During tests, we analyzed the robot’s performance at the slope base and top, measuring the vertical displacement of the center of mass and the forward position of the left front foot-end. The results demonstrated that our method enabled smooth transitions without slipping, whereas comparative approaches exhibited instability. For instance, the vertical position $z$ of the center of mass over time $t$ can be modeled as:
$$ z(t) = z_0 + \int v_z(t) \, dt $$
where $v_z(t)$ is the vertical velocity derived from IMU data. A comparison of control effectiveness is shown in the following table, highlighting the reduction in slippage and improved stability:
| Control Method | Slippage at Base | Slippage at Top | Stability Index |
|---|---|---|---|
| Proposed Method | None | None | High |
| Comparative Method A | Moderate | Low | Medium |
| Comparative Method B | High | Moderate | Low |
These findings underscore the efficacy of integrating inertial measurement and LSTM algorithms in robot technology for robust uphill navigation. The predictive capabilities of the LSTM network, combined with the real-time feedback from IMUs, allow the MPC to preemptively adjust foot-end positions, minimizing disturbances and enhancing overall performance.

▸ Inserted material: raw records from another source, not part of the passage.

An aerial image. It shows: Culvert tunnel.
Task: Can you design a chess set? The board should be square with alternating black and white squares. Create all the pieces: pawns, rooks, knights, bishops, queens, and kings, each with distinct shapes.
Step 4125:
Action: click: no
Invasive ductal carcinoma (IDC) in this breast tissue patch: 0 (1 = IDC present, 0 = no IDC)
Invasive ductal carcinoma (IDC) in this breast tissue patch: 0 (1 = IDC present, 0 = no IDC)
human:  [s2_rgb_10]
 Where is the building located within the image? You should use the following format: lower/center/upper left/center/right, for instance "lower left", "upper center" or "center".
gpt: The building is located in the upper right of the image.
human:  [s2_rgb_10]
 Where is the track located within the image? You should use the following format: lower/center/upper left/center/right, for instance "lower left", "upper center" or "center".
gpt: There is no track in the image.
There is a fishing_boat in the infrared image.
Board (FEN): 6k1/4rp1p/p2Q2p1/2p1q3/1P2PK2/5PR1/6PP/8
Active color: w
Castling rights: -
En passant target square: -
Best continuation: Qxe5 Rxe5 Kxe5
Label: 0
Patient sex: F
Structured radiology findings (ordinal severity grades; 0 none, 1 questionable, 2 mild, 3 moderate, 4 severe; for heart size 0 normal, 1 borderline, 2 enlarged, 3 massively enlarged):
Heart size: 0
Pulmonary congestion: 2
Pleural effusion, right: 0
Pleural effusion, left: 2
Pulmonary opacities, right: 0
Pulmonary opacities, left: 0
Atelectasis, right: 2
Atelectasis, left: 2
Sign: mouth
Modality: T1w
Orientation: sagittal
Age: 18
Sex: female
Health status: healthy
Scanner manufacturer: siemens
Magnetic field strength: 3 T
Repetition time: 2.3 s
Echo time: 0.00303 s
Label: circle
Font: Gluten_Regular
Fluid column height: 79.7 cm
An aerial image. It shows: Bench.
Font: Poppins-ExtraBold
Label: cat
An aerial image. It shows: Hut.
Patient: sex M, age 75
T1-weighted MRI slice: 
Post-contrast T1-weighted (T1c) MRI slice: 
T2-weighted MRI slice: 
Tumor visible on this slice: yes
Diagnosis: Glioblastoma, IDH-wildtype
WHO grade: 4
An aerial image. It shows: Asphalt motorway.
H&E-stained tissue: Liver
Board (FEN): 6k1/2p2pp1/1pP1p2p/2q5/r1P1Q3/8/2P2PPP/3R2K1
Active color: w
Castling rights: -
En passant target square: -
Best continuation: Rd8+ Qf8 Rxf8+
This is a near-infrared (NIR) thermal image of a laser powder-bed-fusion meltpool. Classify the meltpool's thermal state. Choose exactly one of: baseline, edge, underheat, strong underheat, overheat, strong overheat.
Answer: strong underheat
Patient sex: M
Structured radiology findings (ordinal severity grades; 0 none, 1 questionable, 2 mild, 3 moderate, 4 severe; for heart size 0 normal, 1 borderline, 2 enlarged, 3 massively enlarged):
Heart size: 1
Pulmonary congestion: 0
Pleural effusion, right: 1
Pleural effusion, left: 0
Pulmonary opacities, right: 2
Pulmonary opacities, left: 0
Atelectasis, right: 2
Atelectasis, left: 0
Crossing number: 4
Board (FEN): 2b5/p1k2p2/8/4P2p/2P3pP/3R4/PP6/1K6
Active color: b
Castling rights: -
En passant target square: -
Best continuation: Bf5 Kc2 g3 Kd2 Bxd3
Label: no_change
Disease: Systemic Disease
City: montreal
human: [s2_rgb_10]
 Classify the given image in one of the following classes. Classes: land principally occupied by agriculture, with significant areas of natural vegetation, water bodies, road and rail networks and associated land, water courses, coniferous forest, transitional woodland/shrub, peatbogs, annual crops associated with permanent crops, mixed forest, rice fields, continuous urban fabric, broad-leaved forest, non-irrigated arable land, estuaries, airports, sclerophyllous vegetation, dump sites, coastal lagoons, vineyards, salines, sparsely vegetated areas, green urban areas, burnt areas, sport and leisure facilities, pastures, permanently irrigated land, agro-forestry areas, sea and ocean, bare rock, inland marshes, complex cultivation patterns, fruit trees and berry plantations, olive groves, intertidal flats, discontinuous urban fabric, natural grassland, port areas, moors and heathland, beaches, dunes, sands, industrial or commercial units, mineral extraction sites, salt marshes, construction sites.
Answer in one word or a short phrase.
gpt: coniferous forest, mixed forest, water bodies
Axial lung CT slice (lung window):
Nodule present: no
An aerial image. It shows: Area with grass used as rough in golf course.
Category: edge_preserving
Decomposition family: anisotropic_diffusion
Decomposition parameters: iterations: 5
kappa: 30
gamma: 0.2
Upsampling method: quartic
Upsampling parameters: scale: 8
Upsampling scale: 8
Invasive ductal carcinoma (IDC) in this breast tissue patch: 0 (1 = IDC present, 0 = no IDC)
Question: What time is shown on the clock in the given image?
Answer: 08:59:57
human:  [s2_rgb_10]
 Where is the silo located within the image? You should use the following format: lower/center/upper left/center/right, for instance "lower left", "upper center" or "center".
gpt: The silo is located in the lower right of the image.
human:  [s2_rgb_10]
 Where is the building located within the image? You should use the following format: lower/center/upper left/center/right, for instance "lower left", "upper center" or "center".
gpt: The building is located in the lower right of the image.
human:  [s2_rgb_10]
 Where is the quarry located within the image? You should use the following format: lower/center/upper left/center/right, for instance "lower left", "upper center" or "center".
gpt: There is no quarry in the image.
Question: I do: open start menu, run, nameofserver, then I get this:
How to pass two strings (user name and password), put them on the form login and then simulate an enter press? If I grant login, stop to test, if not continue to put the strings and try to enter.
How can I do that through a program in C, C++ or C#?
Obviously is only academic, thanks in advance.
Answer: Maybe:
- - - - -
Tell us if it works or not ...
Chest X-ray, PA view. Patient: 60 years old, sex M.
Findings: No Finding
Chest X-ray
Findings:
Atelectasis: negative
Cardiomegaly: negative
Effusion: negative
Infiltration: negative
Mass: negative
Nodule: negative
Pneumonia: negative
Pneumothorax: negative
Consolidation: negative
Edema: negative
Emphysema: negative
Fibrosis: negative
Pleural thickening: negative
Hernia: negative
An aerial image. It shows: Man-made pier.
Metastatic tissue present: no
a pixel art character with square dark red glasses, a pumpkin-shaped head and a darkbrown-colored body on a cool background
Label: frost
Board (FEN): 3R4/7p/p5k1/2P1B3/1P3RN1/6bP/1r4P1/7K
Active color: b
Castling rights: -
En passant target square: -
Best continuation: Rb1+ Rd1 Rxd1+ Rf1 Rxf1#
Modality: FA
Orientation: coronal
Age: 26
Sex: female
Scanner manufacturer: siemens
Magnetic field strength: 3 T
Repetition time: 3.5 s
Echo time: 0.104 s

In conclusion, this study presents a novel approach to quadruped robot uphill foot-end attitude control, leveraging inertial measurement and LSTM-based prediction to achieve high stability and adaptability. The method effectively addresses challenges such as slippage and tipping during slope transitions, contributing to the advancement of robot technology in complex terrains. Future work could explore extensions to other robotic platforms or integration with additional sensors for further improvements in autonomous navigation.